Avec Ute Lemper, il y a toujours cette incomparable présence sur scène, présence d’actrice au moins autant que présence de chanteuse, présence de femme de scène au sens large tout simplement ! Car la conteuse de cette belle histoire sait captiver son public.
La voix est inépuisable, jazzy parfois. Puissante, souple, elle épouse aussi Piaf et Brel, mais avec un don de l’appropriation personnelle, toujours Ute, jamais tout à fait Marlène, Édith ou Jacques, et pourtant héritière naturelle.
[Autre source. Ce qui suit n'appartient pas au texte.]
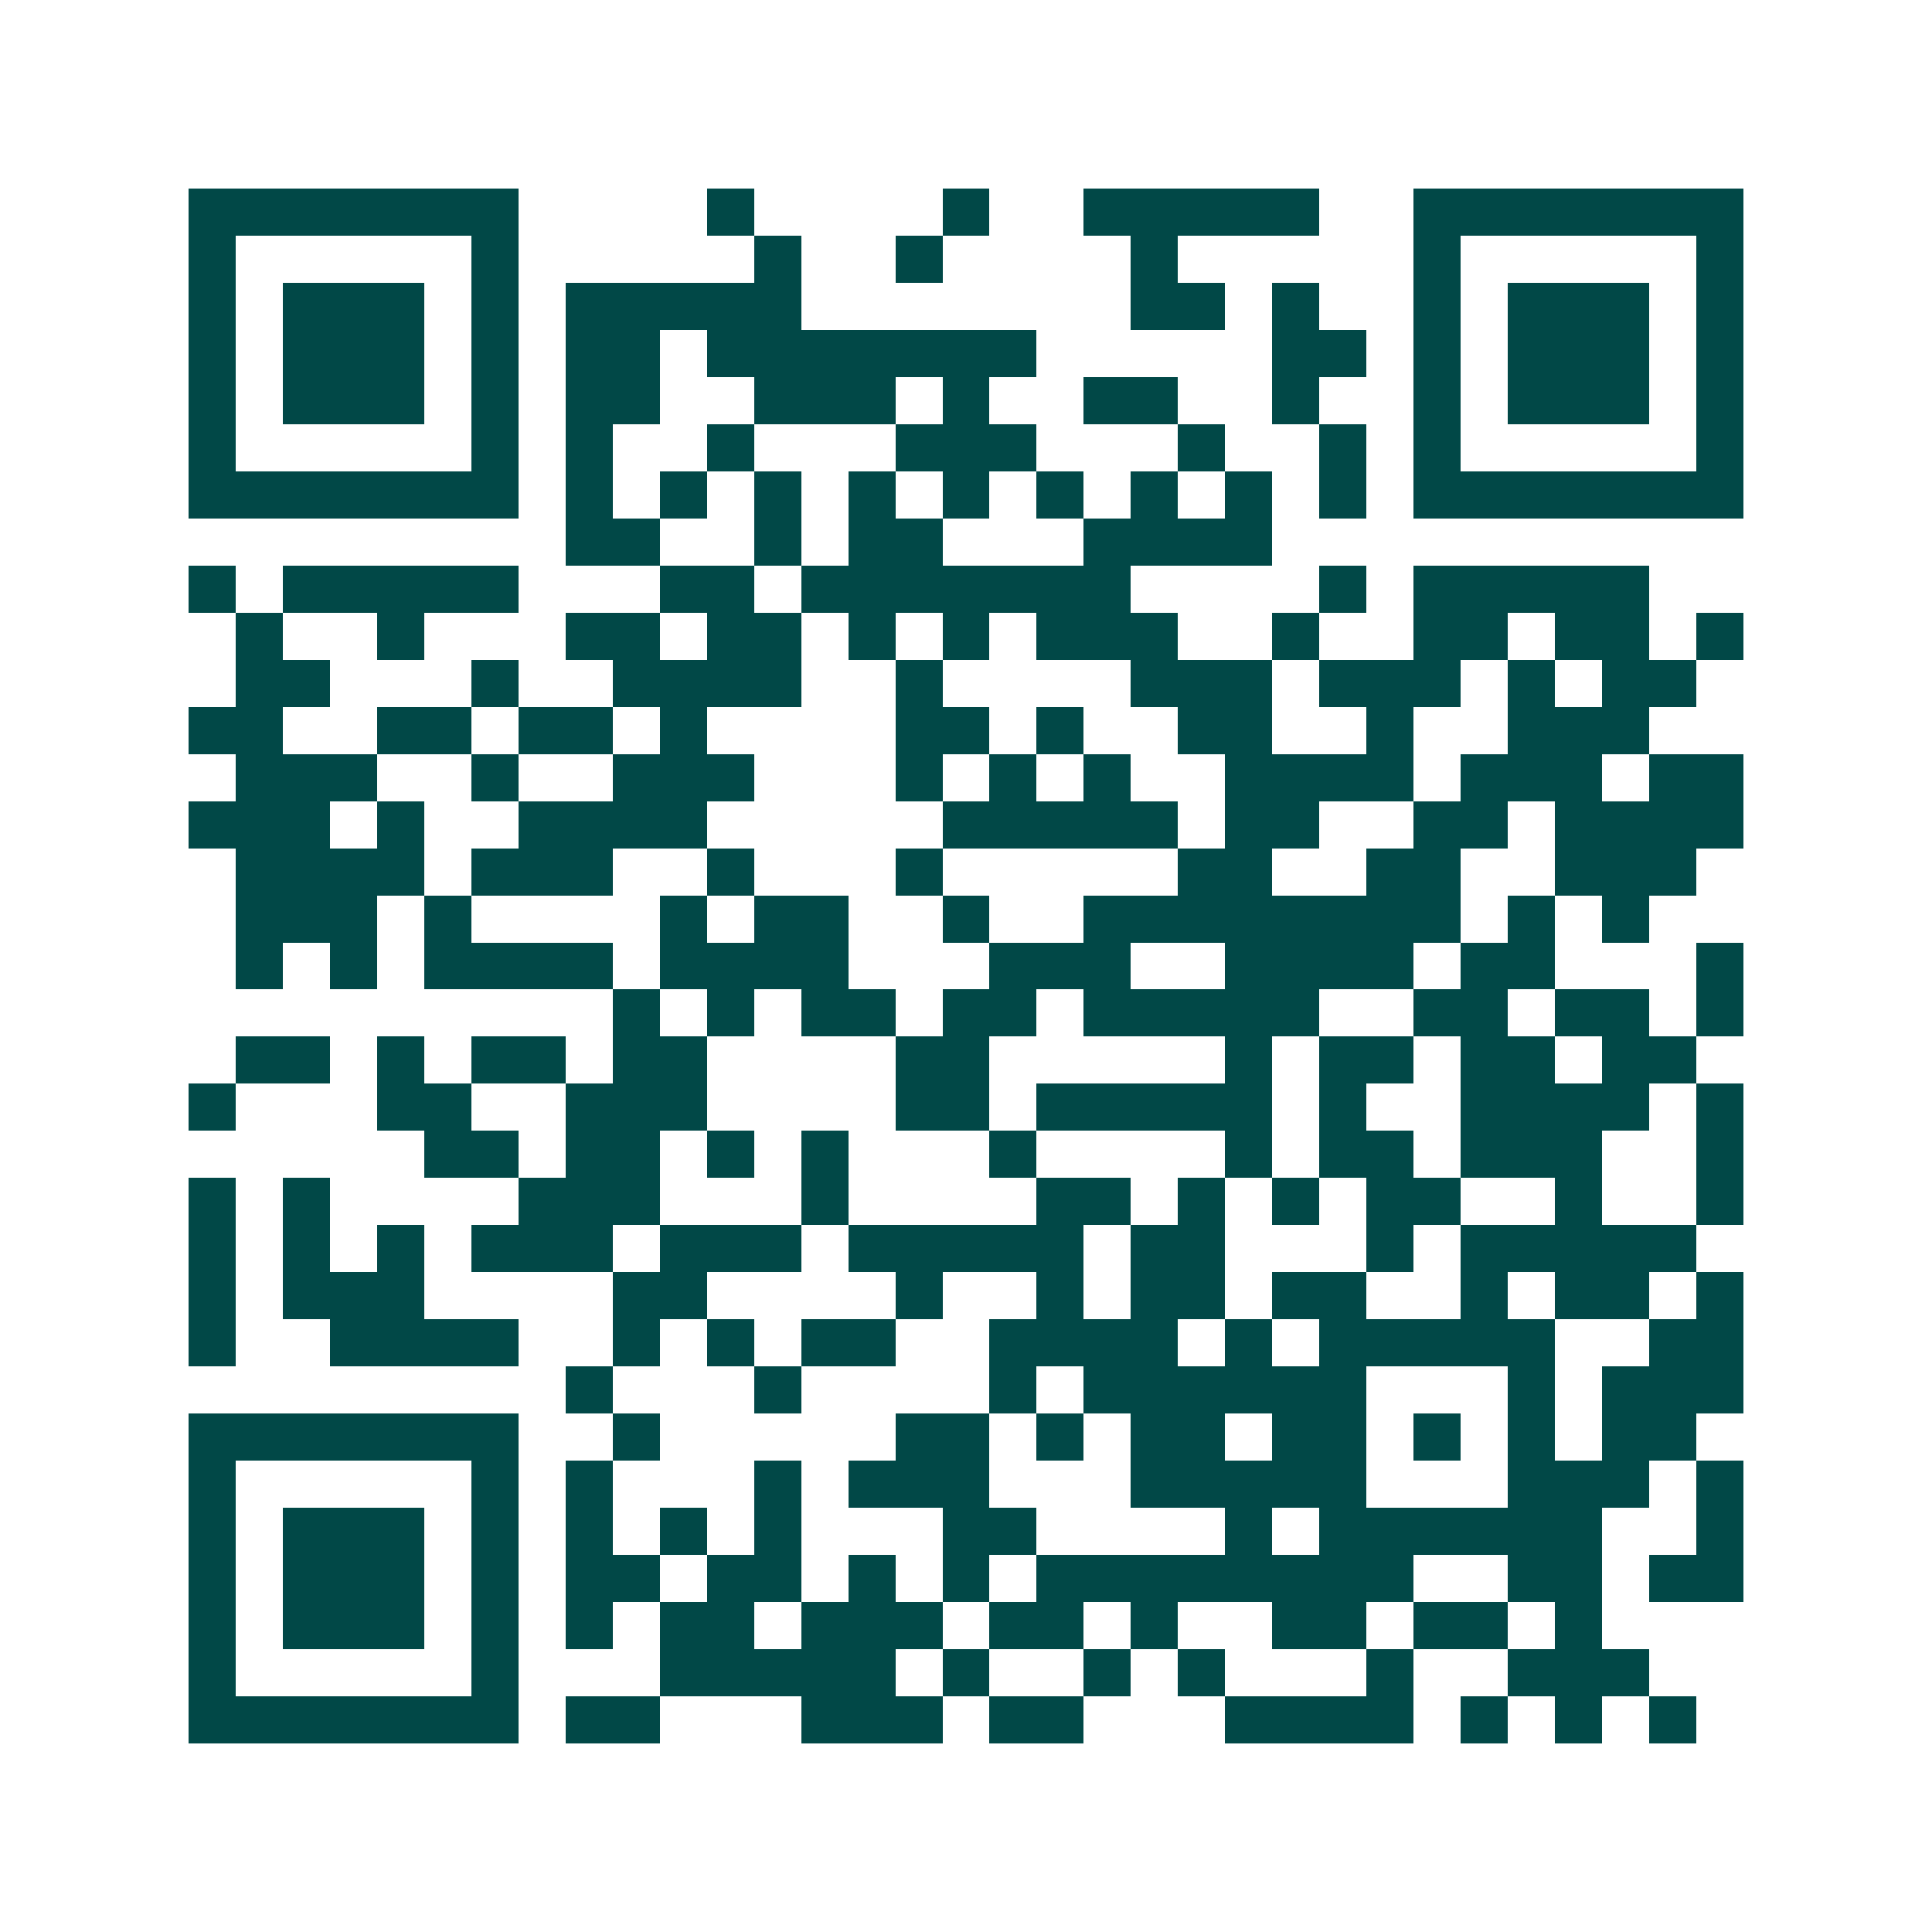 <svg xmlns="http://www.w3.org/2000/svg" width="200" height="200" viewBox="0 0 41 41" shape-rendering="crispEdges"><path fill="#ffffff" d="M0 0h41v41H0z"/><path stroke="#014847" d="M4 4.5h7m4 0h1m4 0h1m2 0h5m2 0h7M4 5.5h1m5 0h1m5 0h1m2 0h1m4 0h1m5 0h1m5 0h1M4 6.5h1m1 0h3m1 0h1m1 0h5m7 0h2m1 0h1m2 0h1m1 0h3m1 0h1M4 7.5h1m1 0h3m1 0h1m1 0h2m1 0h7m5 0h2m1 0h1m1 0h3m1 0h1M4 8.5h1m1 0h3m1 0h1m1 0h2m2 0h3m1 0h1m2 0h2m2 0h1m2 0h1m1 0h3m1 0h1M4 9.5h1m5 0h1m1 0h1m2 0h1m3 0h3m3 0h1m2 0h1m1 0h1m5 0h1M4 10.5h7m1 0h1m1 0h1m1 0h1m1 0h1m1 0h1m1 0h1m1 0h1m1 0h1m1 0h1m1 0h7M12 11.5h2m2 0h1m1 0h2m3 0h4M4 12.5h1m1 0h5m3 0h2m1 0h7m4 0h1m1 0h5M5 13.5h1m2 0h1m3 0h2m1 0h2m1 0h1m1 0h1m1 0h3m2 0h1m2 0h2m1 0h2m1 0h1M5 14.5h2m3 0h1m2 0h4m2 0h1m4 0h3m1 0h3m1 0h1m1 0h2M4 15.5h2m2 0h2m1 0h2m1 0h1m4 0h2m1 0h1m2 0h2m2 0h1m2 0h3M5 16.5h3m2 0h1m2 0h3m3 0h1m1 0h1m1 0h1m2 0h4m1 0h3m1 0h2M4 17.5h3m1 0h1m2 0h4m5 0h5m1 0h2m2 0h2m1 0h4M5 18.5h4m1 0h3m2 0h1m3 0h1m5 0h2m2 0h2m2 0h3M5 19.5h3m1 0h1m4 0h1m1 0h2m2 0h1m2 0h8m1 0h1m1 0h1M5 20.5h1m1 0h1m1 0h4m1 0h4m3 0h3m2 0h4m1 0h2m3 0h1M13 21.5h1m1 0h1m1 0h2m1 0h2m1 0h5m2 0h2m1 0h2m1 0h1M5 22.5h2m1 0h1m1 0h2m1 0h2m4 0h2m5 0h1m1 0h2m1 0h2m1 0h2M4 23.5h1m3 0h2m2 0h3m4 0h2m1 0h5m1 0h1m2 0h4m1 0h1M9 24.5h2m1 0h2m1 0h1m1 0h1m3 0h1m4 0h1m1 0h2m1 0h3m2 0h1M4 25.5h1m1 0h1m4 0h3m3 0h1m4 0h2m1 0h1m1 0h1m1 0h2m2 0h1m2 0h1M4 26.5h1m1 0h1m1 0h1m1 0h3m1 0h3m1 0h5m1 0h2m3 0h1m1 0h5M4 27.5h1m1 0h3m4 0h2m4 0h1m2 0h1m1 0h2m1 0h2m2 0h1m1 0h2m1 0h1M4 28.5h1m2 0h4m2 0h1m1 0h1m1 0h2m2 0h4m1 0h1m1 0h5m2 0h2M12 29.5h1m3 0h1m4 0h1m1 0h6m3 0h1m1 0h3M4 30.5h7m2 0h1m5 0h2m1 0h1m1 0h2m1 0h2m1 0h1m1 0h1m1 0h2M4 31.5h1m5 0h1m1 0h1m3 0h1m1 0h3m3 0h5m3 0h3m1 0h1M4 32.5h1m1 0h3m1 0h1m1 0h1m1 0h1m1 0h1m3 0h2m4 0h1m1 0h6m2 0h1M4 33.5h1m1 0h3m1 0h1m1 0h2m1 0h2m1 0h1m1 0h1m1 0h8m2 0h2m1 0h2M4 34.5h1m1 0h3m1 0h1m1 0h1m1 0h2m1 0h3m1 0h2m1 0h1m2 0h2m1 0h2m1 0h1M4 35.5h1m5 0h1m3 0h5m1 0h1m2 0h1m1 0h1m3 0h1m2 0h3M4 36.5h7m1 0h2m3 0h3m1 0h2m3 0h4m1 0h1m1 0h1m1 0h1"/></svg>

Le spectacle a été un florilège de chansons mythiques (« Just a gigolo », « Illusions », « Where have all the flowers gone », « the boys in the backroom », « The ruins of Berlin », la chanson de Lola dans L’ange bleu, « Lili Marleen », « La vie en rose »…).
On sent qu’il n’y eut aucun problème à transporter le spectacle, créé en 2018 en Allemagne (une façon pour Lemper de combler le manque que Marlène a vécu ?) sur la scène du théâtre de la Concorde, avec cependant une forte portée symbolique. Car cette salle fut la dernière où Marlène se produisit, au temps où elle s’appelait l’espace Cardin. Et l’artiste, qui fréquenta Weill et Cabaret, nous rappelle qu’elle sait également jouer dans un français irréprochable, humour compris.
Sur cette petite scène, la beauté et l’intimité du spectacle proviennent aussi des trois complices musiciens dans leur configuration piano (Vana Gierig), contrebasse (Romain Lecuyer) et violon (Cyril Garac). Et de la scénographie alliée aux les projections qui nous replongent dans une période révolue, tourmentée et faste, jusque dans les années 30.
Est-ce parce qu’on n’avait pas vu Ute Lemper depuis longtemps à Paris que ce passage de trois soirs dans la salle qui porte la trace de Marlène n’a pas affiché complet ? Nous, les privilégiés, pouvons néanmoins dire aux absents à quel point ce fut une belle erreur de n’avoir pas su saisir cette chance de la revoir. Et d’ailleurs quand aura-t-on la chance de la revoir à Paris ?…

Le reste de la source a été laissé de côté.